Why would you need any special purpose RAM? Just page on-demand from the DDR4 main system RAM. 16 GB DDR4 is common in new gaming computers (2x 8GB DDR4 memory kit = 80$). When games become complex enough to use 32 GB of system RAM, the price has already halved.
It would still offer a performance advantage as it wouldn't be limited by the bandwidth of the PCIE slot and contention for system resources. While I'd agree it's overkill for most users, there is still an advantage that likely makes sense for an enthusiast or prosumer product. Server benefits for scaling are obvious.
That still required NVLink, application process (excluding IBM's Power8 CPUs to my understanding), and effective prefetching to overcome some latency. If brought to consumer products in the current form it should work well for most needs, but still has some limitations.
AMD's APU design theoretically allowed the GPU to utilize ALL available system memory bandwidth as opposed to just that of the PCIE link. That's about as unified as you can get. Discrete cards would still have the PCIE bottleneck. The separate pool, as mentioned above, works around that limitation. While likely not an issue for most gamers (someone will likely do this anyways), scaling with many(say 8-16) GPUs would create significant contention. Very reason "Network Storage" likely showed up on the Vega slides as opposed to going through a host network. Costs aside, the separate pool is technically superior in the same way that having all resources in VRAM should be superior to paging anything.
Game data set (60 fps) changes very little from one frame to the next. Just take two consecutive frame screenshots, and you notice that most texture surfaces are identical and visible geometry (including LOD level) is mostly the same. My experience (with custom virtual texturing) shows only 2% of texture data set changes per frame on common case (of total 256 MB active data set cache). I'd say that automated on-demand paging (with pre-fetch hints) from system RAM should work very well for games.

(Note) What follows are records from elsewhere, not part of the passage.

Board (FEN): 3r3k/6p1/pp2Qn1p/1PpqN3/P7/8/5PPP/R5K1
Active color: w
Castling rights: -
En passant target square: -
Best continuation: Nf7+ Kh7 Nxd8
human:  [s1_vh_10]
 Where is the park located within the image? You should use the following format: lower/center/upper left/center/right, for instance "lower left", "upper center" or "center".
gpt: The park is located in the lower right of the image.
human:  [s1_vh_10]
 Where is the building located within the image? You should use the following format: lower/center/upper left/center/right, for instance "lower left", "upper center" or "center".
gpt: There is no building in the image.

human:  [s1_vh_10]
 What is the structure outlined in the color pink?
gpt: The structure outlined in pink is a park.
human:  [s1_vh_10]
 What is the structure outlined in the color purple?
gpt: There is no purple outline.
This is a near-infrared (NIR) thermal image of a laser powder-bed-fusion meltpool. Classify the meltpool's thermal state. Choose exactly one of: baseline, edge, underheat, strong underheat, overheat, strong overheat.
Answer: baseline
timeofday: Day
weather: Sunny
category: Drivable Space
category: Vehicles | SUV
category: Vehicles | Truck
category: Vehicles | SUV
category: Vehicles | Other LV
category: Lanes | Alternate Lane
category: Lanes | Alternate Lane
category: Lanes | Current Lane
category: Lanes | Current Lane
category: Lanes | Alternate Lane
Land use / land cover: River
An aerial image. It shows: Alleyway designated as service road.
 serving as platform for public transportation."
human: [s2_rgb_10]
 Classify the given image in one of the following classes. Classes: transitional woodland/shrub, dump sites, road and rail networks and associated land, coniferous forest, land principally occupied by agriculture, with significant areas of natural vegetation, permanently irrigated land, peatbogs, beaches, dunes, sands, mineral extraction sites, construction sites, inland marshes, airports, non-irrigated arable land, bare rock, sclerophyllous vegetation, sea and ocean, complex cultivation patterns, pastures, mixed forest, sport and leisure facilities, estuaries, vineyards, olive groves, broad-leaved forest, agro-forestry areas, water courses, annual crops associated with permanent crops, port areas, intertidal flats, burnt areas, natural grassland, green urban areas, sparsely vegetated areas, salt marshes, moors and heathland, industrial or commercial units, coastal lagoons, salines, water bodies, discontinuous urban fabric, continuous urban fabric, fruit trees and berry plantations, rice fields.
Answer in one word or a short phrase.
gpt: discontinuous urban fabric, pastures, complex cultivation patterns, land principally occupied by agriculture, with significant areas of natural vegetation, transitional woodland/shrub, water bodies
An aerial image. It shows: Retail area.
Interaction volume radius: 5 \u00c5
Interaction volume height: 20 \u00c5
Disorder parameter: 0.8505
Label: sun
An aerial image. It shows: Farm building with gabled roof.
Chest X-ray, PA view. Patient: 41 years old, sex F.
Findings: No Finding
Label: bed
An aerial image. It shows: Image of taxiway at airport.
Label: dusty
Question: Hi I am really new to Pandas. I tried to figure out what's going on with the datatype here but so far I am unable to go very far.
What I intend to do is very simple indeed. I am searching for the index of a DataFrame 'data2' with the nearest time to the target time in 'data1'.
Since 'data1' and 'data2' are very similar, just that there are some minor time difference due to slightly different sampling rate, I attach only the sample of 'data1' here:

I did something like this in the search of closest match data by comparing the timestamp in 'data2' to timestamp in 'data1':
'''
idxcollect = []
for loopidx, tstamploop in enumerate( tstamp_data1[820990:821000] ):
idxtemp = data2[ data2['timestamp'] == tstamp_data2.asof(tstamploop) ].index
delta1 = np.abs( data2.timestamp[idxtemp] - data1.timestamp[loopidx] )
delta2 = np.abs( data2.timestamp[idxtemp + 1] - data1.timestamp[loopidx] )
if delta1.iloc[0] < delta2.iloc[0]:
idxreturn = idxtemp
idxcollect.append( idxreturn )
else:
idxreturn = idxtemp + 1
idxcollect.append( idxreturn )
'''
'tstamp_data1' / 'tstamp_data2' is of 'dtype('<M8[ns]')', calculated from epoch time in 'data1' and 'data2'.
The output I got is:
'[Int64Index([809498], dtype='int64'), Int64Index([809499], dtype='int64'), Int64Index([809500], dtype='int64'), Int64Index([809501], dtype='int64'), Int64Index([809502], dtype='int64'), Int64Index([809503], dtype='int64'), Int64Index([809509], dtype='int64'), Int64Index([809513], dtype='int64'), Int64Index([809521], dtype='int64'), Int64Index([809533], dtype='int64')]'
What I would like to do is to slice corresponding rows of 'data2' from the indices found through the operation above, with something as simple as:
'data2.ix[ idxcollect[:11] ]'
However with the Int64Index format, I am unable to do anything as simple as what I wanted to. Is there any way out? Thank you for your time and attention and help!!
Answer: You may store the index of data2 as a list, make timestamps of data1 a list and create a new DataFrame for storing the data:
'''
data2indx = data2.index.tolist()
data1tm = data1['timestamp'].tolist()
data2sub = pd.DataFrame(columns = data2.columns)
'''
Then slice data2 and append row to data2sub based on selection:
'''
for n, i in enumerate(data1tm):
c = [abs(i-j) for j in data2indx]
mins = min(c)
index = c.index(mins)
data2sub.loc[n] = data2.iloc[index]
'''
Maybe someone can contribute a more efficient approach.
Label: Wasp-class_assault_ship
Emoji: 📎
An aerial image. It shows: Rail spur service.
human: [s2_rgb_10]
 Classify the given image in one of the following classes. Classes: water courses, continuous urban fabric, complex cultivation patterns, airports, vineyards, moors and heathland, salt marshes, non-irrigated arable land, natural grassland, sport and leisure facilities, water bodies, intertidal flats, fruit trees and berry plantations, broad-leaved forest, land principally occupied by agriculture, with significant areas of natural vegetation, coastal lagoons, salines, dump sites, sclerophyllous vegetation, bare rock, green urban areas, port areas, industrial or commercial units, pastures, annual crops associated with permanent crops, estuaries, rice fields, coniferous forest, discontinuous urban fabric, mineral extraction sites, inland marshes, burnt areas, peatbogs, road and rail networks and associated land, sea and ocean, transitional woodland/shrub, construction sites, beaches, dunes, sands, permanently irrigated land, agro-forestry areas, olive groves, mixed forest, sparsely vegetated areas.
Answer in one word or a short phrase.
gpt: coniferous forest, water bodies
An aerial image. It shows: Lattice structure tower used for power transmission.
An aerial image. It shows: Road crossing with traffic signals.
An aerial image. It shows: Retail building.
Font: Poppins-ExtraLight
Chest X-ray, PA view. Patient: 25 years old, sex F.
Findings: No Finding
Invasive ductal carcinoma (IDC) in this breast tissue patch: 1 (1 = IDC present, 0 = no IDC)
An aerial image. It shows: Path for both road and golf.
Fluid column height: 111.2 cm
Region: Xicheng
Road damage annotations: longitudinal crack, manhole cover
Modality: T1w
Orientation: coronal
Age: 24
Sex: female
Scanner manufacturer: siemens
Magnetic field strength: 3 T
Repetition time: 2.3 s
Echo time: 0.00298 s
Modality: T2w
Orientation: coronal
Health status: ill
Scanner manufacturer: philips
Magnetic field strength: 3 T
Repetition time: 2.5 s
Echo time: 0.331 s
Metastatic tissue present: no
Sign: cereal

I'm not suggesting the technique won't work well, but that one implementation will be superior to the other and probably better than the current method. At the very least from the standpoint of making developer's lives easier. The cost of that implementation is a separate matter, but would still be marketable. It should also make the actual GPU the primary component of performance. Similar to how DX12/Vulkan reduced reliance on the CPU.
Is Vega another 7970 that will take years before it's getting competitive?
Really? Haven't they learned anything?
It will probably be competitive, but using "Primitive Shaders" for example, that to my knowledge don't exist in any of the APIs or are supported by the competition, likely limit the use a bit. That statement seems more about it taking time for new techniques to really take hold. It's simply forward looking hardware with more capabilities than are currently practical.